- WORK TO BE COMPLETED
Give an unaltered copy of the listing below, minus its pictures.

- DATASET EXCERPTS

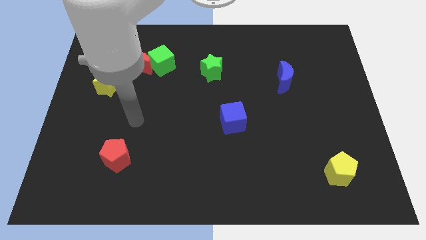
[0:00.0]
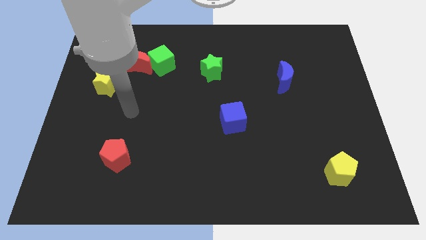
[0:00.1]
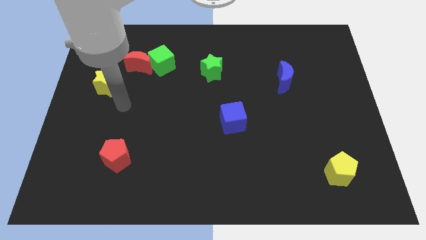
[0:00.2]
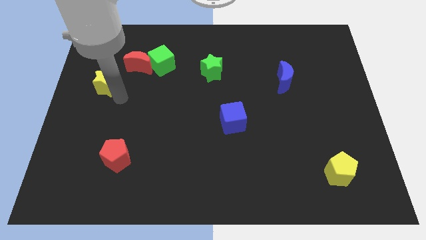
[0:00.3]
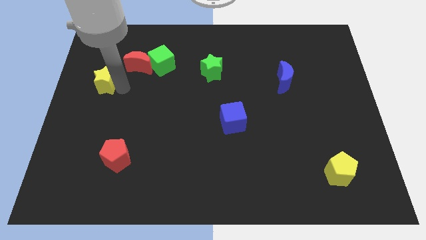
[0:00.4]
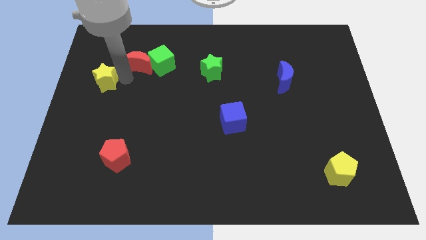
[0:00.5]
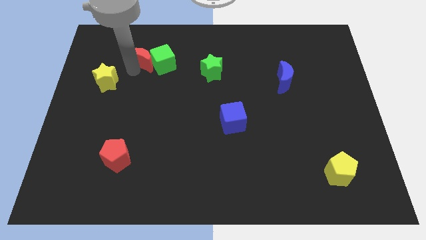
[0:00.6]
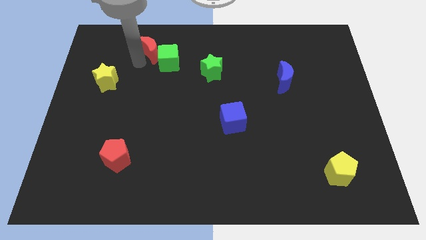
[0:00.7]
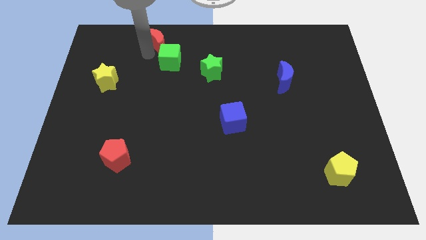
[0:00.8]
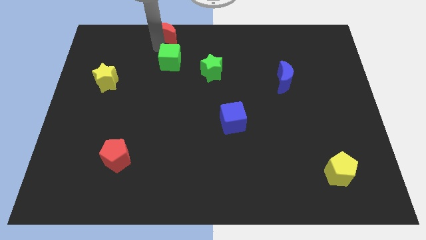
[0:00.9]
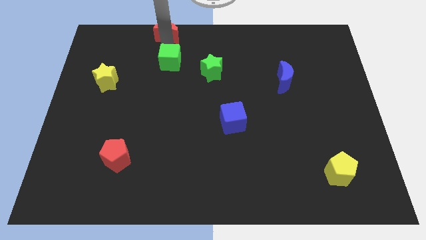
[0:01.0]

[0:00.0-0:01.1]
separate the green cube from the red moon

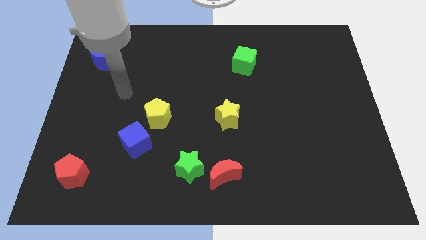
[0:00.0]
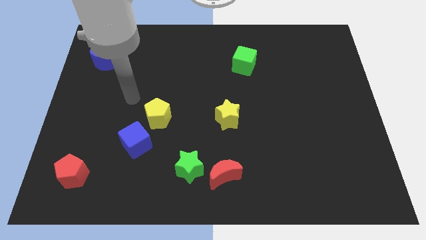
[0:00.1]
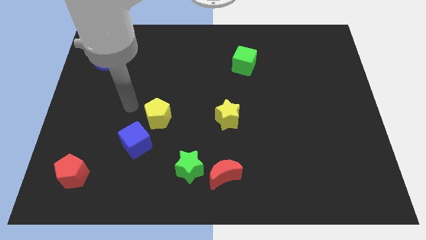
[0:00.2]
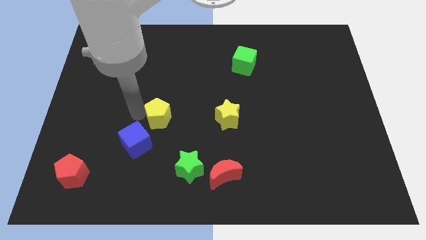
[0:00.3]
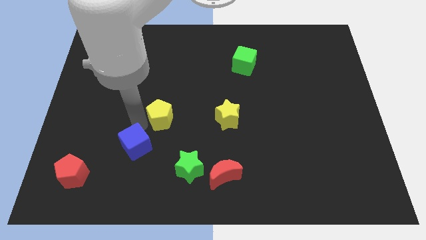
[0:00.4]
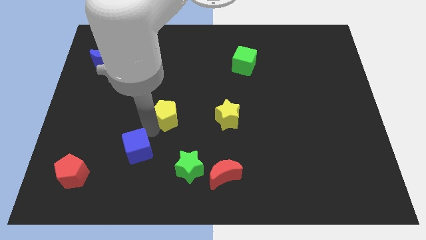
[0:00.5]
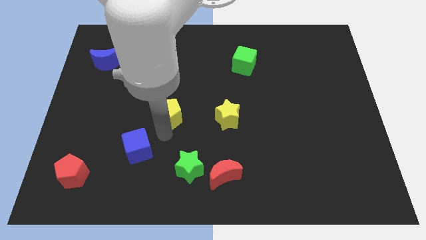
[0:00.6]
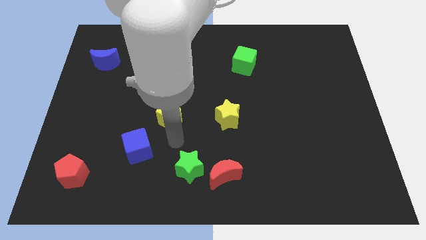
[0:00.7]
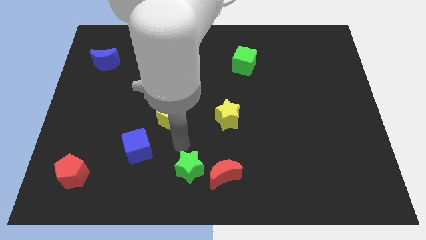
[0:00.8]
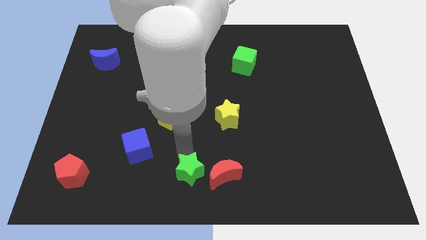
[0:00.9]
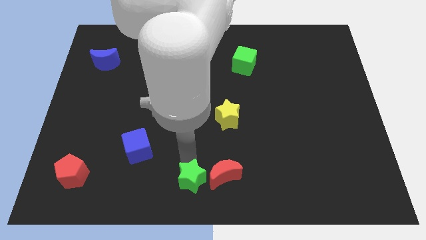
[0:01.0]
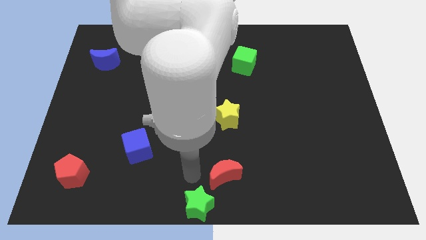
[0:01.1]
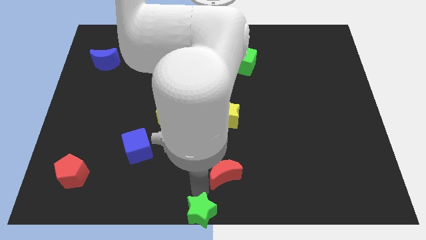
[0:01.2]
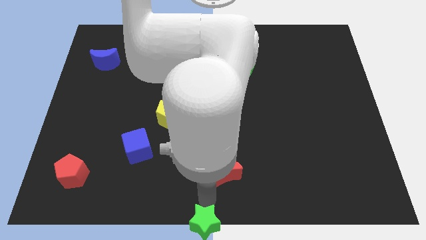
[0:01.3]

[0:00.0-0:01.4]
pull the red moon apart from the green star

- RESULT BELOW
[0:00.0]
[0:00.1]
[0:00.2]
[0:00.3]
[0:00.4]
[0:00.5]
[0:00.6]
[0:00.7]
[0:00.8]
[0:00.9]
[0:01.0]

[0:00.0-0:01.1]
separate the green cube from the red moon

[0:00.0]
[0:00.1]
[0:00.2]
[0:00.3]
[0:00.4]
[0:00.5]
[0:00.6]
[0:00.7]
[0:00.8]
[0:00.9]
[0:01.0]
[0:01.1]
[0:01.2]
[0:01.3]

[0:00.0-0:01.4]
pull the red moon apart from the green star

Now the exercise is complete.